> WHAT NEEDS TO BE DONE:
From the line containing "From image 1 onward, 3.3 seconds have passed." down to the final line of the entries below, return each line exactly and drop the pictures.

:::

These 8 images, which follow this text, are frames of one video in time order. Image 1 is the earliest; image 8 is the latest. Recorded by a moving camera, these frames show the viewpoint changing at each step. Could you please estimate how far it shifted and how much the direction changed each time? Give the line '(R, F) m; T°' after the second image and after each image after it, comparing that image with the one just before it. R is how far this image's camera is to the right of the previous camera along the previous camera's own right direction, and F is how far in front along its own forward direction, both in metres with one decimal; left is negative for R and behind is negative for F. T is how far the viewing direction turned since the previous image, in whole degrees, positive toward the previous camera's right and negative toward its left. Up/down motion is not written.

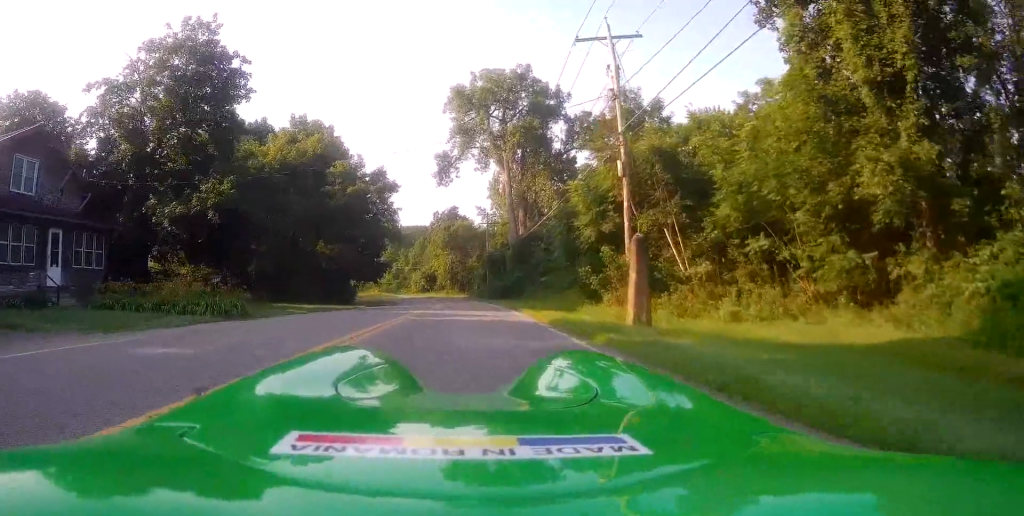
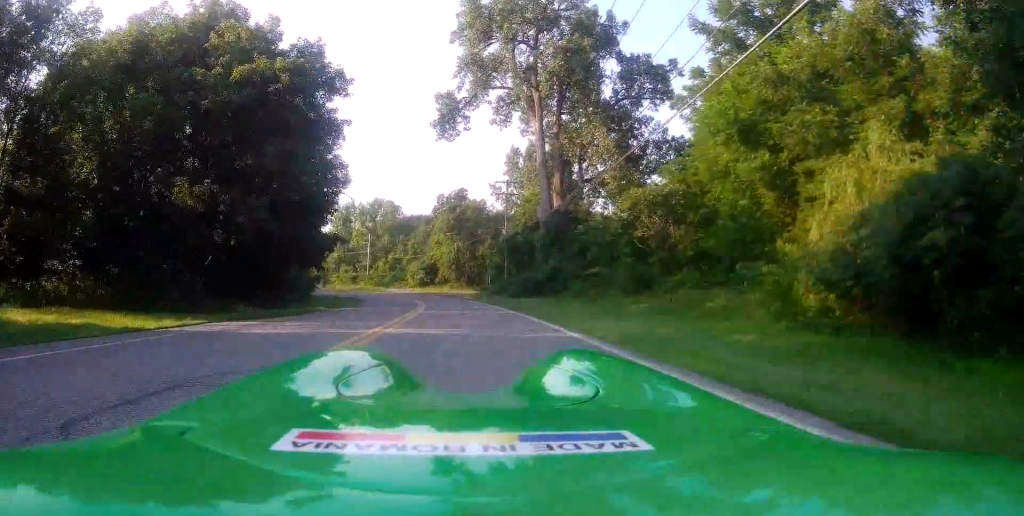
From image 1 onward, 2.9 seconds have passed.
(-0.1, +24.1) m; -1°
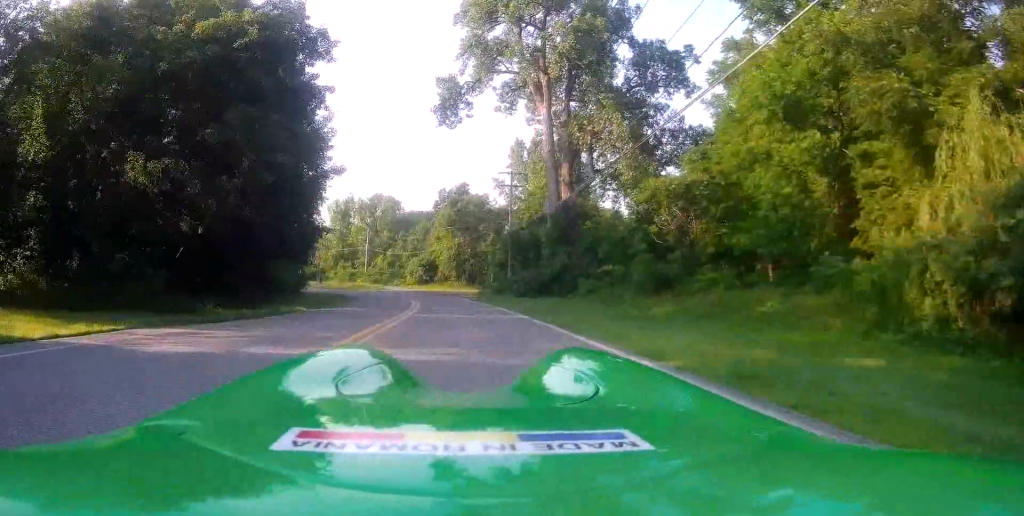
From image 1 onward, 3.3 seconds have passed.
(+0.2, +3.5) m; -1°
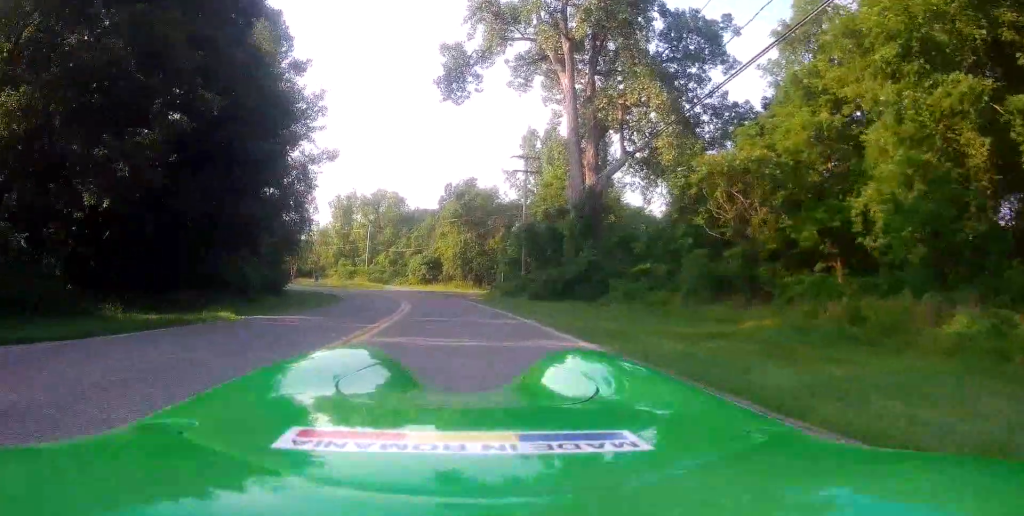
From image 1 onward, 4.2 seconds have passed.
(-0.5, +7.5) m; -2°
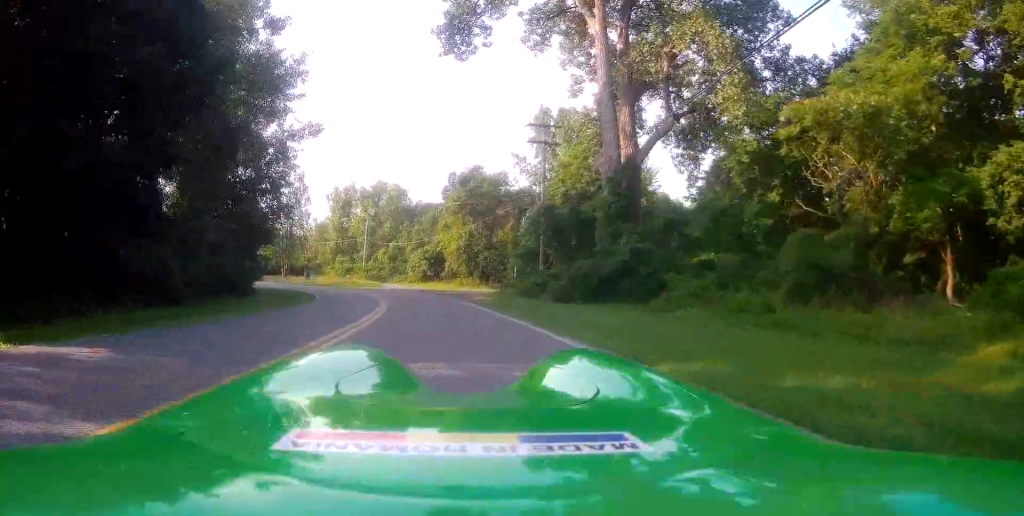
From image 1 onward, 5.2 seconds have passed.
(+0.2, +8.7) m; 0°
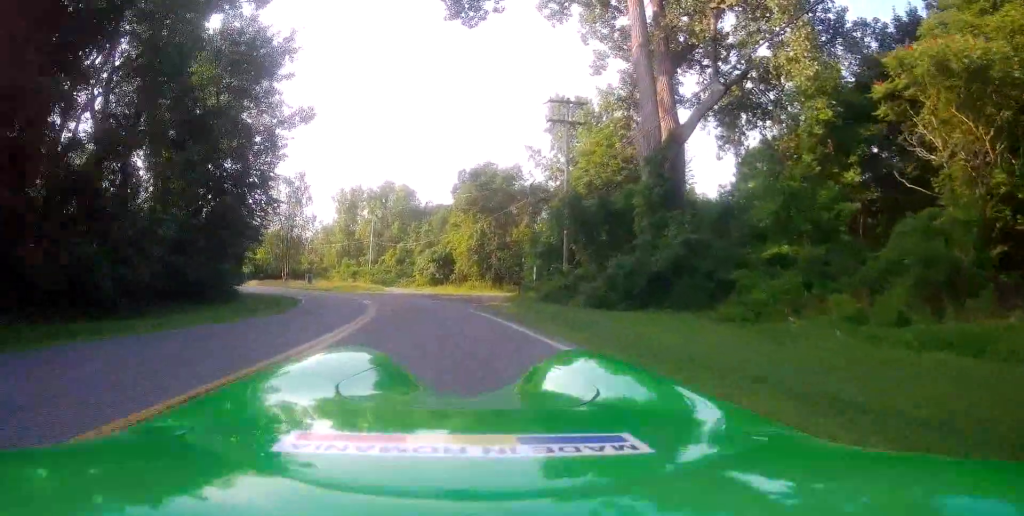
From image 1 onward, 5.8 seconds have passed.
(-0.1, +5.5) m; -3°
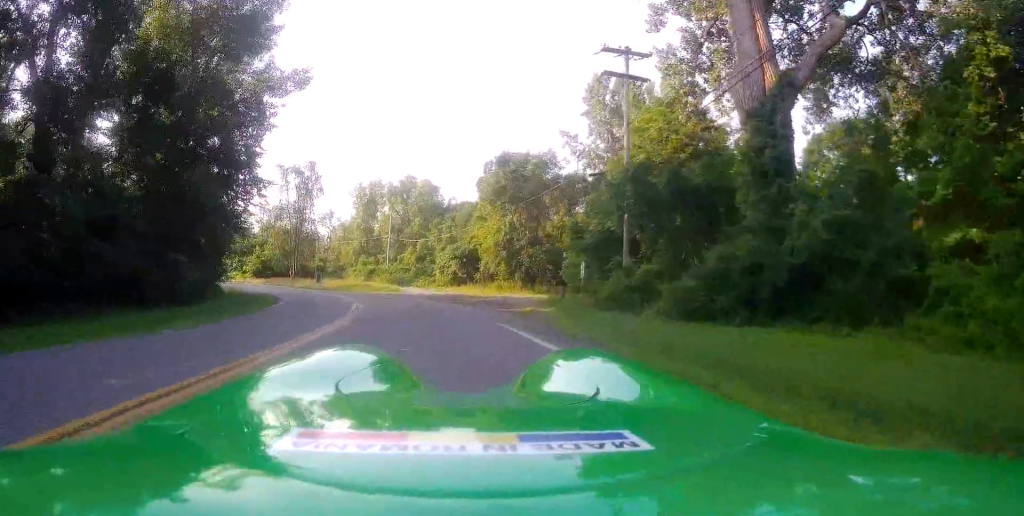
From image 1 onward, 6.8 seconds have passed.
(-0.4, +8.5) m; -4°
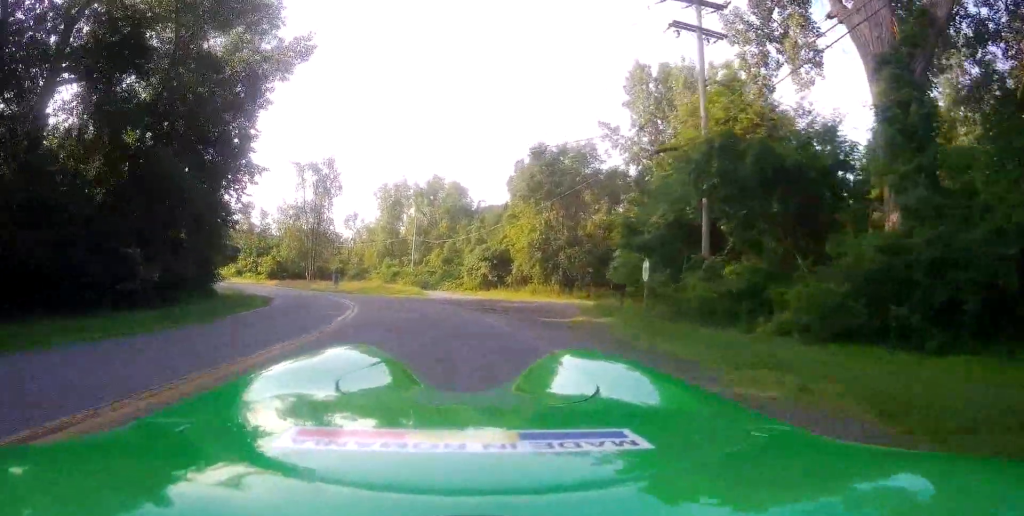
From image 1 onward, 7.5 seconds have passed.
(-0.2, +5.9) m; -1°
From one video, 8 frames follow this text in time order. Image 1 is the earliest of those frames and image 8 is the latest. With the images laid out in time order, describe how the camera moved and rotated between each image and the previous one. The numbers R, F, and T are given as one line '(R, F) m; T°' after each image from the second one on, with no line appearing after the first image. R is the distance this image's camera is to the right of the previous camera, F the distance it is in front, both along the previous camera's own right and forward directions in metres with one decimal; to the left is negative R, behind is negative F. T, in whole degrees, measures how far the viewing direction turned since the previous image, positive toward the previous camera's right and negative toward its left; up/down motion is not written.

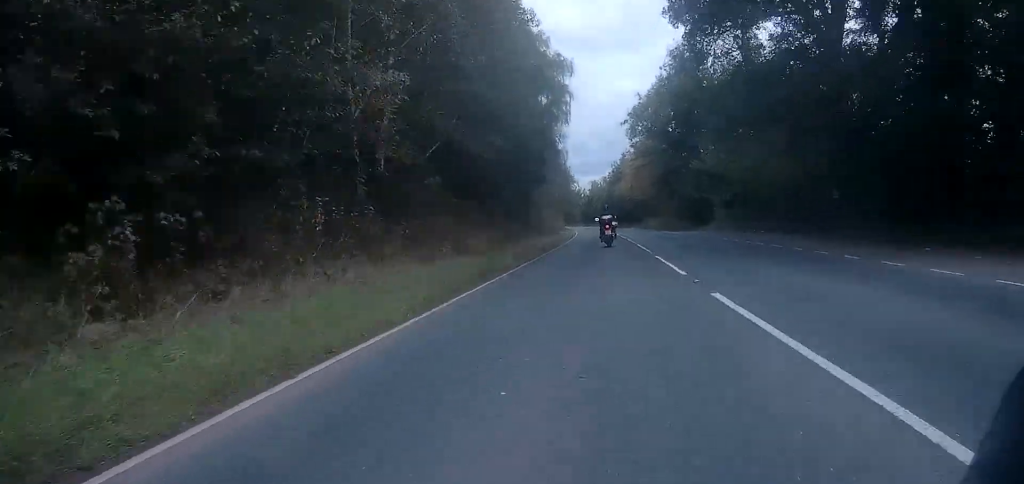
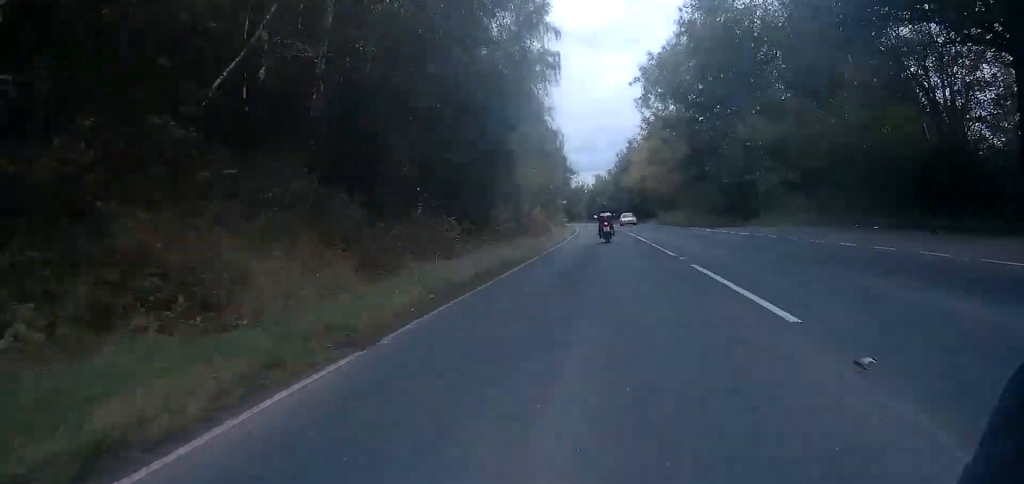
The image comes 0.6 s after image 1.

:::

> ANSWER SECTION:
From image 1 onward, 3.3 seconds have passed.
(+0.2, +3.5) m; -1°
From image 1 onward, 4.2 seconds have passed.
(-0.5, +7.5) m; -2°
From image 1 onward, 5.2 seconds have passed.
(+0.2, +8.7) m; 0°
From image 1 onward, 5.8 seconds have passed.
(-0.1, +5.5) m; -3°
From image 1 onward, 6.8 seconds have passed.
(-0.4, +8.5) m; -4°
From image 1 onward, 7.5 seconds have passed.
(-0.2, +5.9) m; -1°
From one video, 8 frames follow this text in time order. Image 1 is the earliest of those frames and image 8 is the latest. With the images laid out in time order, describe how the camera moved and rotated between each image and the previous one. The numbers R, F, and T are given as one line '(R, F) m; T°' after each image from the second one on, with no line appearing after the first image. R is the distance this image's camera is to the right of the previous camera, F the distance it is in front, both along the previous camera's own right and forward directions in metres with one decimal; to the left is negative R, behind is negative F. T, in whole degrees, measures how far the viewing direction turned since the previous image, positive toward the previous camera's right and negative toward its left; up/down motion is not written.

The image comes 0.6 s after image 1.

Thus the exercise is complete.